In reply K. C. Gandhi team declared on 1,465 for 3 with 15yo Pranav Dhanawade scoring 1,009 not out, from 323 balls. They must have been playing on a field the size of a tennis court.
In their second innings Arya Gurukul were dismissed for 52.
One wonders how many were inspired to play on and how many swore off cricket for life as a result.
Bob Willis has died.
He was just before my time - he retired in 1984, when I was 9, and I don’t have any cricketing memories from that far back. But he’s been a voice on Sky for as long as I remember, and one of the better ones. His 8-43 arguably did more to win “Botham’s Ashes” than Botham’s own 149*, which has always niggled me a bit (although it certainly needed both).
It was a great performance, no doubt. But Botham’s knock was just magical. I only followed this match via BBC radio, but when Botham came in, England were 100% done and dusted. Dead as anything I had seen in cricket until then (I was 13). It was just mind-blowing what he had done by the end of that day.
He had planted the doubt in the Aussie mind that Willis so ruthlessly exploited.
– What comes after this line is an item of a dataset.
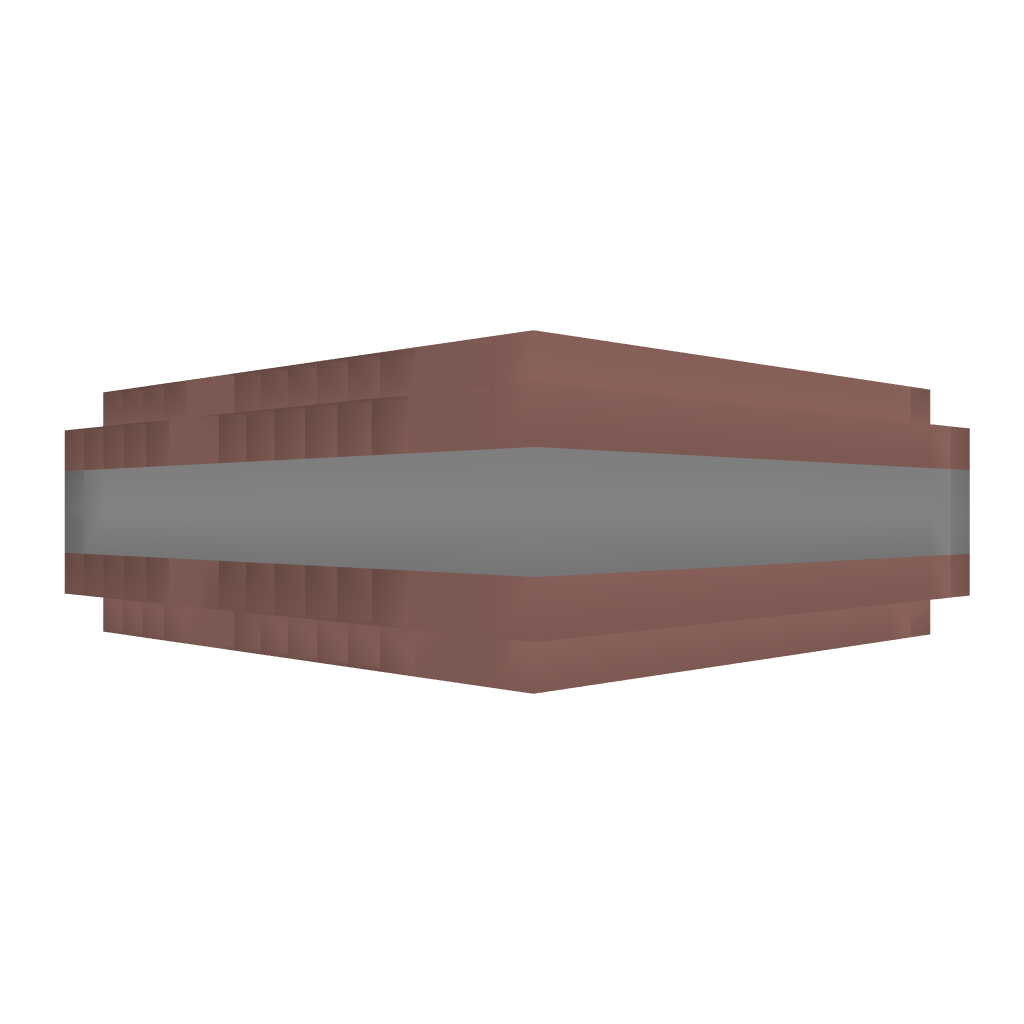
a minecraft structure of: Sewer template corner bad low quality

Well, I have just has an interesting “day” at the cricket. Having moved on to Melbourne before heading up to Cairns to go the Barrier Reef, I decided to take in the Sheffield Shield game between Victoria and Western Australia at The MCG.
We got 40 overs before play was suspended (at first until 4pm then for the remainder of the day) as the pitch was achieving steepling bounce. Peter Siddle cracked a couple on the head from what looked to me to be reasonably legitimate short deliveries, though if you look at the video online you might argue that they’re back of a length and shouldn’t be taking off like that. He also managed to get several guys fending off around the short leg area. For a guy with not much pace, I was clued in to the pitch being somewhat spicy.
Then Marcus Stoinis got hit around the heart (by Fekete) off a ball that definitely shouldn’t have gone through there - was probably on what should have been a good length. So off everybody trooped and the groundsmen have been rolling the wicket and hoping it will dry out too - apparently there’s too much moisture in the surface and the ball was creating indentations that were helping it fly and these needed to be ironed out.
I’ve not seen much like it in my time watching cricket (though I was at The Oval for the abandoned England-Pakistan game, that wasn’t to do with the pitch). I guess this is meant to be about international cricket so the obvious link is that the next match on that square is the Boxing Day Test v New Zealand. Better get the pitch right for that…
This match at the MCG got abandoned on Day 2. Appreciate that it’s not the strip in use for the Test but that’s still got to be a concern. When I was in NZ I came across a number of people who were making the journey across the Tasman for this Test specifically, so there’s a lot of people potentially to be disappointed.
The MCG centre wicket area has been barely district cricket standard for decades, albeit more more likely to toe busting shooters than helmet rattling.
1955: 3rd Test vs England the pitch was so badly cracking at stumps on day 3 that the curator resorted to watering the pitch during the rest day.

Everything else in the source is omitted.